Le loup d’Agubbio – Luc Olivier Merson

La légende raconte qu’au XIIe siècle, le petit village italien d’Agubbio vécut dans la terreur d’un loup qui dévorait les bêtes et les hommes si bien que les habitants n’osaient plus sortir de chez eux. Saint François d’Assise, qui parlait aux animaux, conclut un pacte avec la bête : désormais, l’animal ne manquerait plus de nourriture car les villageois lui donnerait à manger et lui n’attaquerait plus jamais. En signe d’accord, le loup posa sa patte dans la main du saint. Il vécut ainsi deux ans en bonne intelligence avec les hommes puis mourut de vieillesse, laissant les villageois dans un profond désarroi.

C’est cette légende que le tableau de Merson met en scène. Dans un village enneigé, un loup, dont la fine auréole au-dessus de la tête rappelle son lien avec le saint, tend délicatement sa gueule vers un morceau de viande que lui offre un boucher. 

La confiance et l’amour semblent régner entre les hommes et l’animal : derrière le boucher, un bébé se penche vers le loup, tandis qu’une petite fille le caresse dans un sourire, sous le regard approbateur de sa mère. Même le chat, dans les jambes du boucher, voudrait partager son repas.

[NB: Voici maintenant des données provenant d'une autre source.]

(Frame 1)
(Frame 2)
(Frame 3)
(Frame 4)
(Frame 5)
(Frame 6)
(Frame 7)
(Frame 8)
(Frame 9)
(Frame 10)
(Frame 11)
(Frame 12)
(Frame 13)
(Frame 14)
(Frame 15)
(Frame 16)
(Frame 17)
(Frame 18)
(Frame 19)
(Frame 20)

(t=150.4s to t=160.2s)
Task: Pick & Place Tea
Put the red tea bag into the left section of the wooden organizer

Le loup est d’ailleurs mieux nourri que les autres animaux. Regardez le chien couché au premier plan à gauche : il se contente d’un os à ronger. 

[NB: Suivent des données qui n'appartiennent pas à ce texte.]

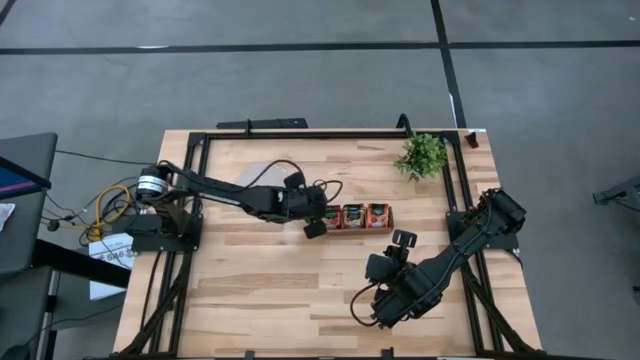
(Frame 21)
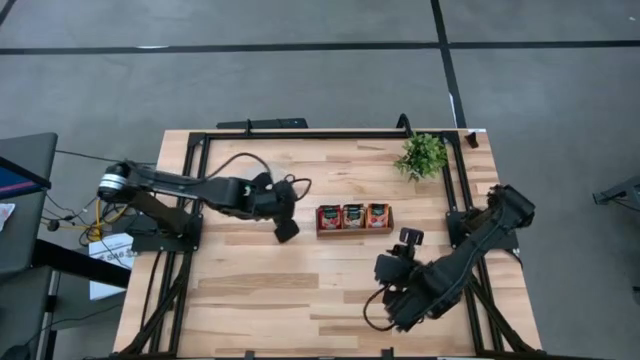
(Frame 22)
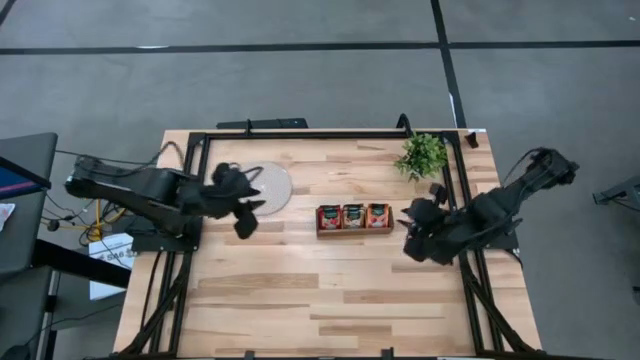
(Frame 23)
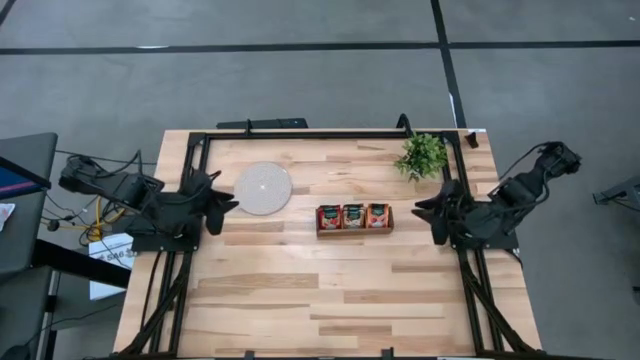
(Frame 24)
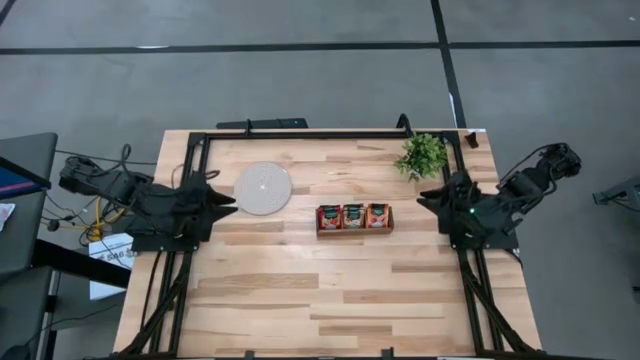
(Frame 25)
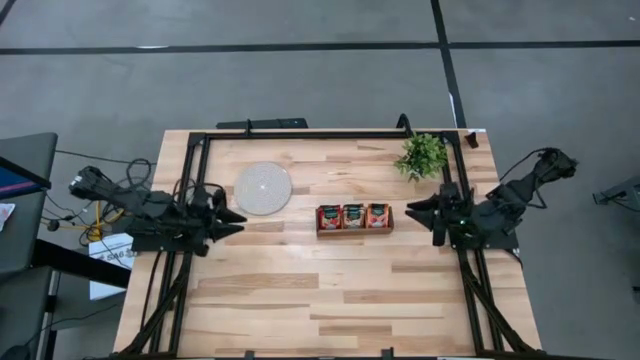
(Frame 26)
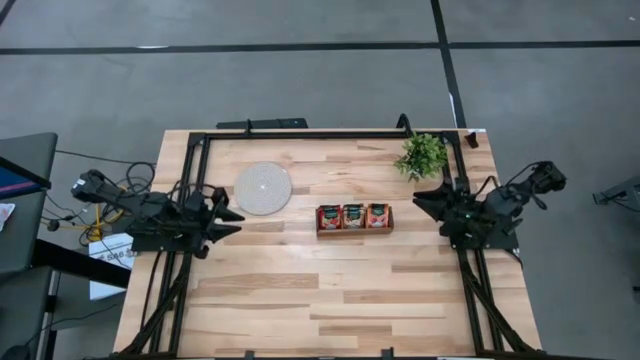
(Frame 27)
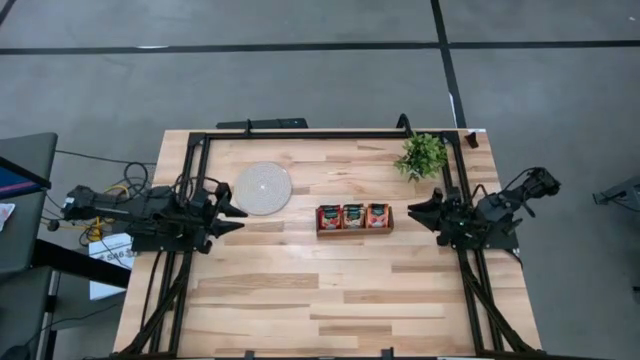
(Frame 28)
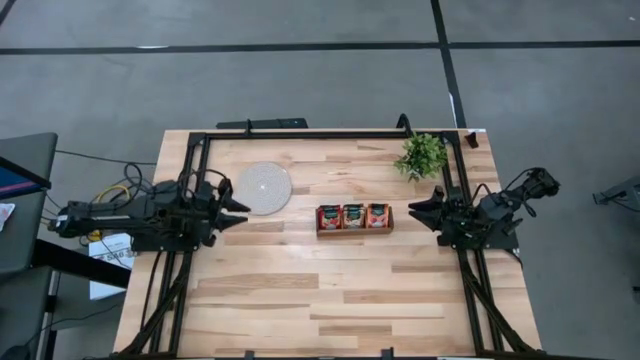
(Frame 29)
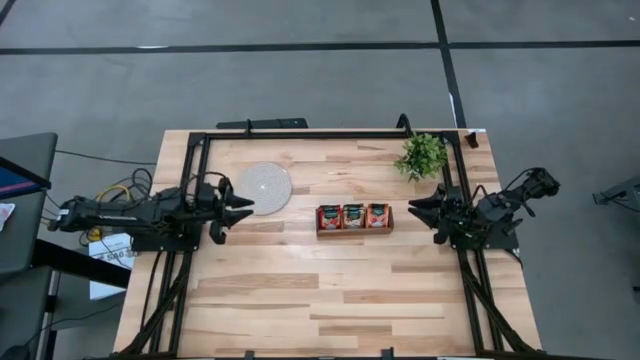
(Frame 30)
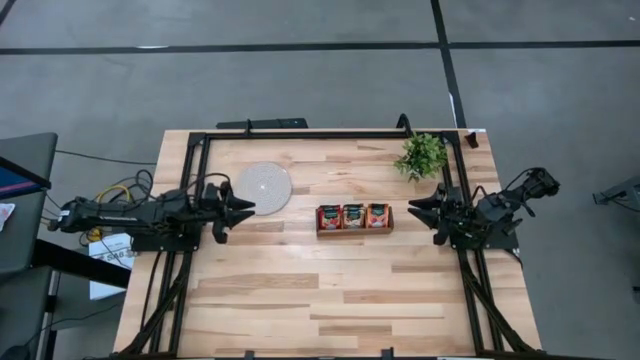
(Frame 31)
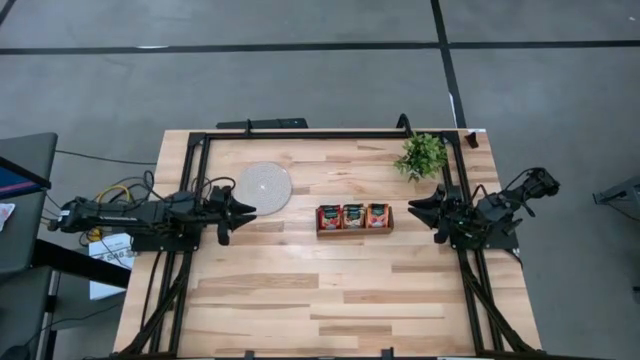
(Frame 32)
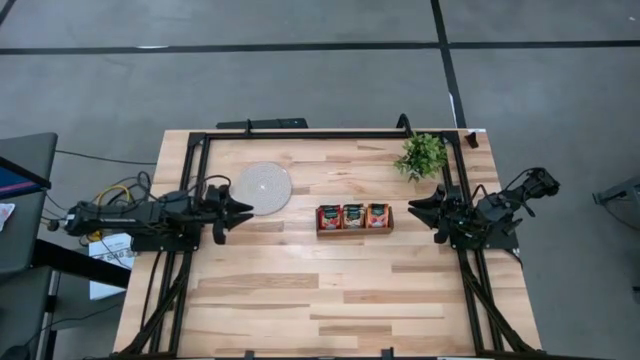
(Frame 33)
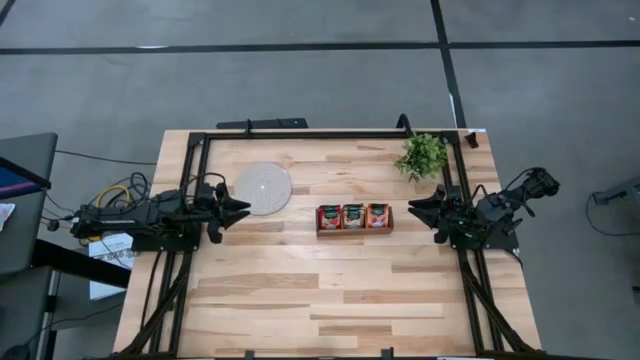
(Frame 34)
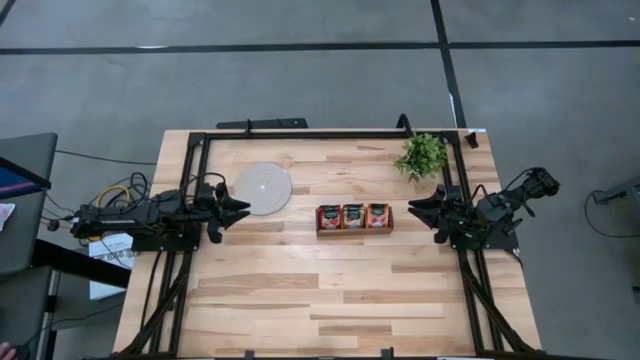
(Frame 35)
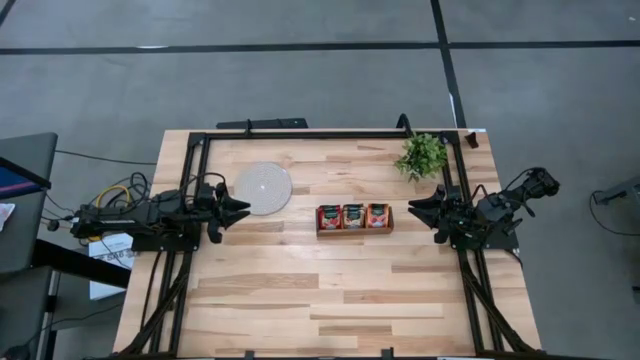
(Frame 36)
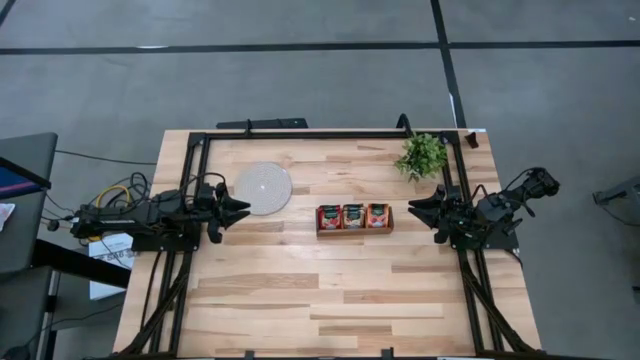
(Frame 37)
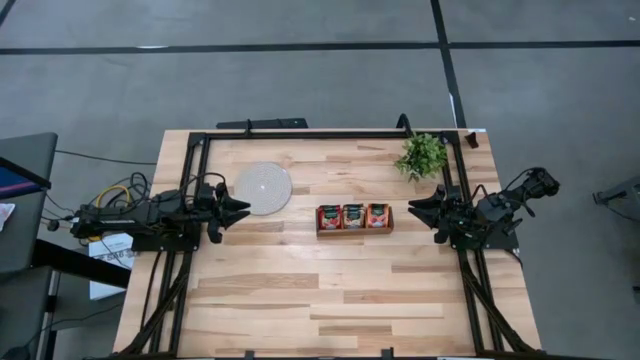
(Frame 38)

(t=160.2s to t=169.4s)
Return to Home Position

A droite, derrière la fontaine gelée, un homme habillé de vert, monté sur un cheval blanc qu’il écarte d’un mouvement de rênes, regarde la scène avec circonspection. Il n’est sans doute pas du village, ignore tout du loup et, muni d’un long bâton, il pourrait le chasser s’il était plus courageux. Une religieuse l’arrête d’un geste de la main, le rassurant sur l’animal, tandis que deux enfants rient de son effroi. 

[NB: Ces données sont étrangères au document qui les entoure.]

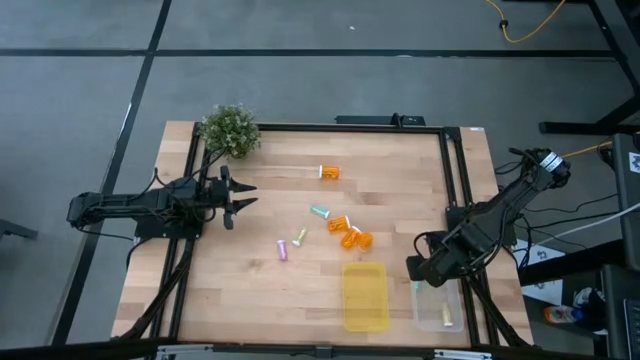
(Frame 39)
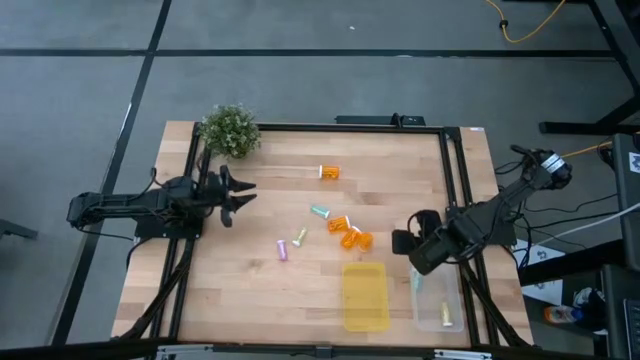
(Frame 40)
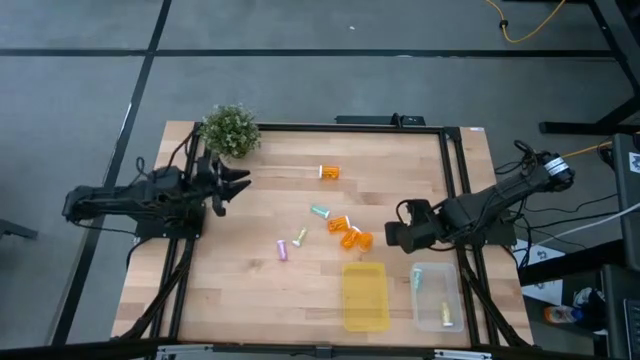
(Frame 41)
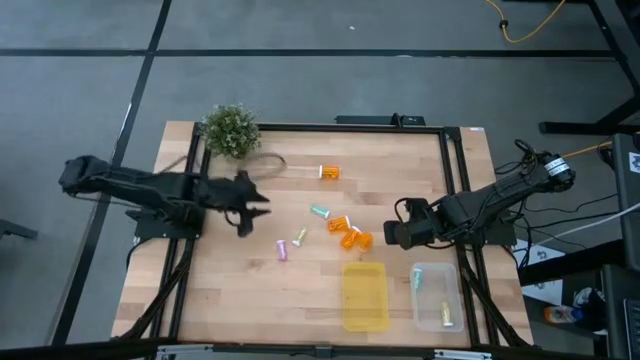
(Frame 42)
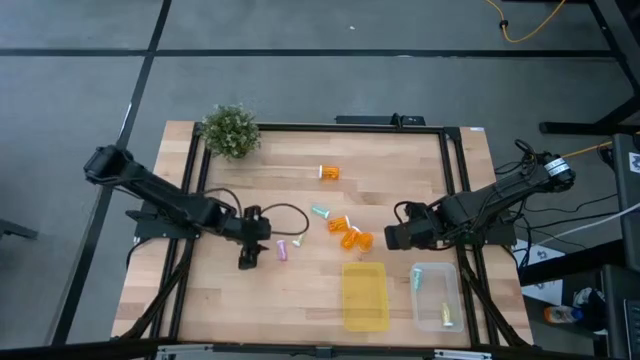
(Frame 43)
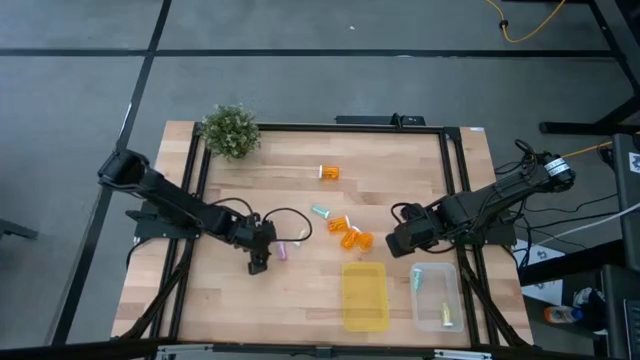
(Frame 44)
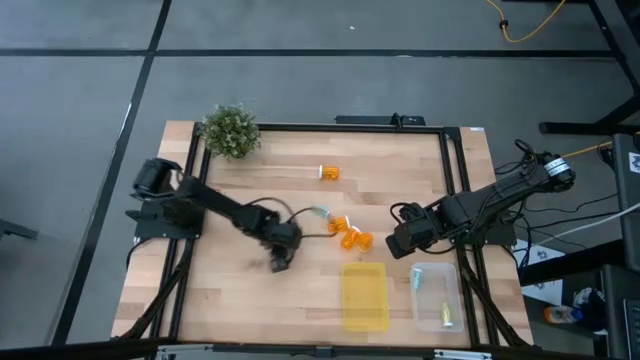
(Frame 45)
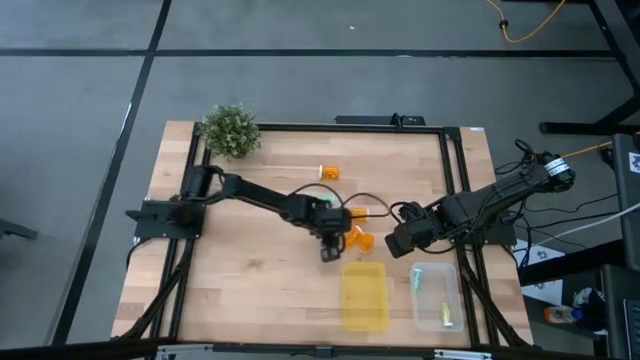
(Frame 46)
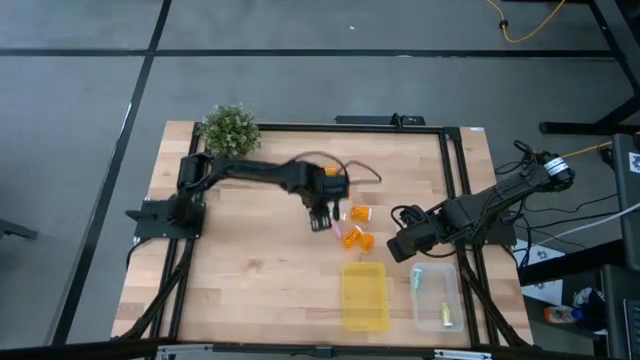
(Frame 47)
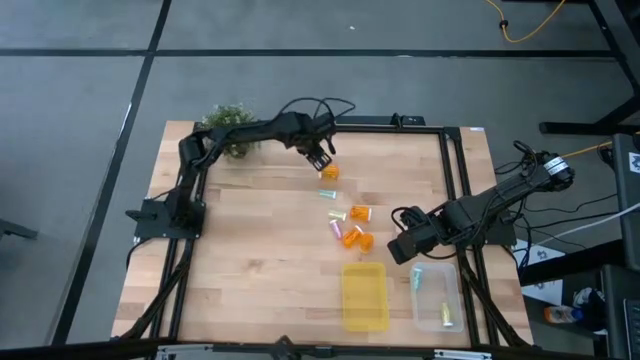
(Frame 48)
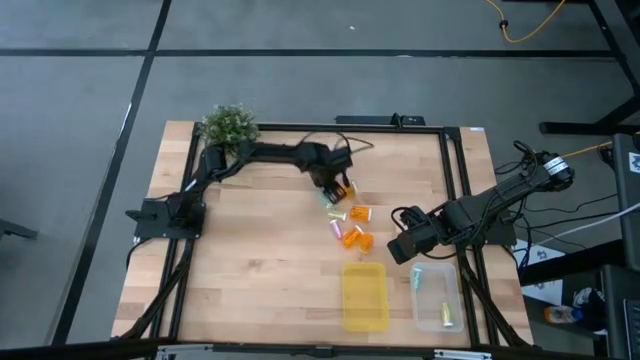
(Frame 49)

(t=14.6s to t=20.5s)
Task: Pick and place medicine bottles into bin by pill shape (circle, oval)
Move the pills to the center

Avez-vous remarqué les pigeons nombreux, au sol et en l’air, autour de la fontaine ? Ils rappellent le lien privilégié des animaux et de Saint-François d’Assise, lui qui prêchait ainsi aux oiseaux :

« Mes frères les oiseaux, vous avez bien sujet de louer votre créateur et de l’aimer toujours ; Il vous a donné des plumes pour vous vêtir, des ailes pour voler et tout ce dont vous avez besoin pour vivre. 

De toutes les créatures de Dieu, c’est vous qui avez meilleure grâce ; il vous a dévolu pour champ l’espace et sa simplicité ; Vous n’avez ni à semer, ni à moissonner ; il vous donne le vivre et le couvert sans que vous ayez à vous en inquiéter. »

Où voir l’oeuvre : Palais des Beaux-Arts de Lille.